BEGIN

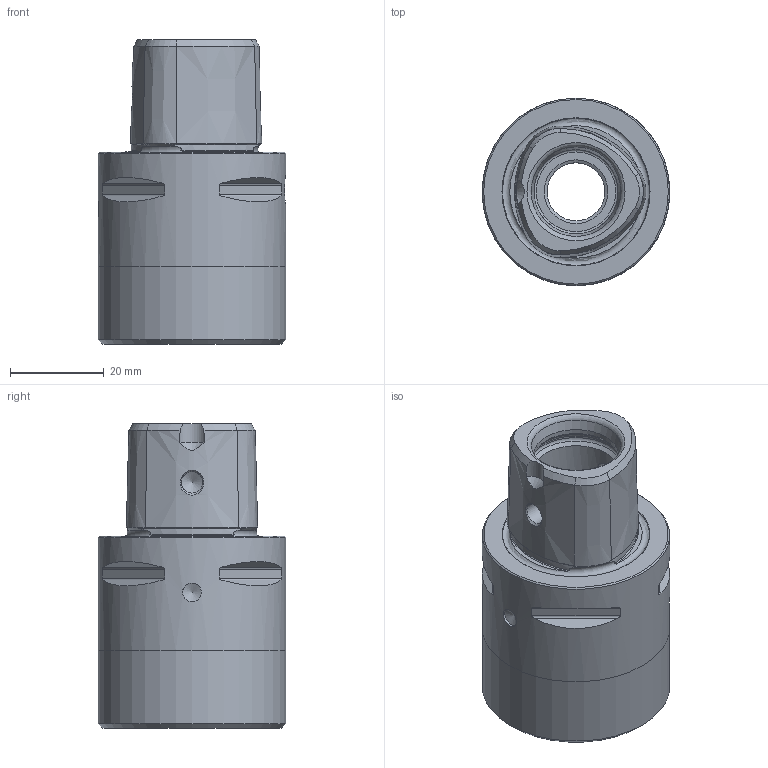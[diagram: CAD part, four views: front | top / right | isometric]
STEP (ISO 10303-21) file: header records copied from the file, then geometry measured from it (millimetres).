
FILE_DESCRIPTION(/* description */ (''),/* implementation_level */ '2;1');
FILE_NAME(/* name */ '280413210.stp',/* time_stamp */ '2021-01-08T12:38:22',/* author */ ('LRA'),/* organization */ ('REGO-FIX'),/* preprocessor_version */ ' Unknown',/* originating_system */ 'SIEMENS PLM Software Solid Edge ST10',/* authorization */ 'Unknown');
FILE_SCHEMA (('AUTOMOTIVE_DESIGN { 1 0 10303 214 2 1 1}'));
Length unit declared in the file: millimetre
Products named in the file (1): NOCUT
Bounding box: 40 x 40 x 65 mm (x, y, z)
Volume: 38311.6 mm3; surface area: 13620.8 mm2
Topology: 1 solids, 1 shells, 100 faces, 250 edges, 156 vertices
Faces by surface type: cone 54, cylinder 20, plane 20, torus 6
Full cylindrical faces by diameter (mm): 4 x1, 4.6 x2, 12.376 x1, 18 x2, 20 x1, 23.8 x1, 24 x1, 40 x2
Entity records: 3585 total; most frequent: CARTESIAN_POINT 743, DIRECTION 432, ORIENTED_EDGE 406, EDGE_CURVE 203, AXIS2_PLACEMENT_3D 192, VERTEX_POINT 143, FACE_BOUND 142, EDGE_LOOP 139

END

Assigned task – Reproduce the material word for word. Skip every picture it holds.

Written reply –
[diagram: CAD part, four views: front | top / right | isometric]
STEP (ISO 10303-21) file: header records copied from the file, then geometry measured from it (millimetres).
FILE_DESCRIPTION(/* description */ (''),/* implementation_level */ '2;1');
FILE_NAME(/* name */ '280413210.stp',/* time_stamp */ '2021-01-08T12:38:22',/* author */ ('LRA'),/* organization */ ('REGO-FIX'),/* preprocessor_version */ ' Unknown',/* originating_system */ 'SIEMENS PLM Software Solid Edge ST10',/* authorization */ 'Unknown');
FILE_SCHEMA (('AUTOMOTIVE_DESIGN { 1 0 10303 214 2 1 1}'));
Length unit declared in the file: millimetre
Products named in the file (1): NOCUT
Bounding box: 40 x 40 x 65 mm (x, y, z)
Volume: 38311.6 mm3; surface area: 13620.8 mm2
Topology: 1 solids, 1 shells, 100 faces, 250 edges, 156 vertices
Faces by surface type: cone 54, cylinder 20, plane 20, torus 6
Full cylindrical faces by diameter (mm): 4 x1, 4.6 x2, 12.376 x1, 18 x2, 20 x1, 23.8 x1, 24 x1, 40 x2
Entity records: 3585 total; most frequent: CARTESIAN_POINT 743, DIRECTION 432, ORIENTED_EDGE 406, EDGE_CURVE 203, AXIS2_PLACEMENT_3D 192, VERTEX_POINT 143, FACE_BOUND 142, EDGE_LOOP 139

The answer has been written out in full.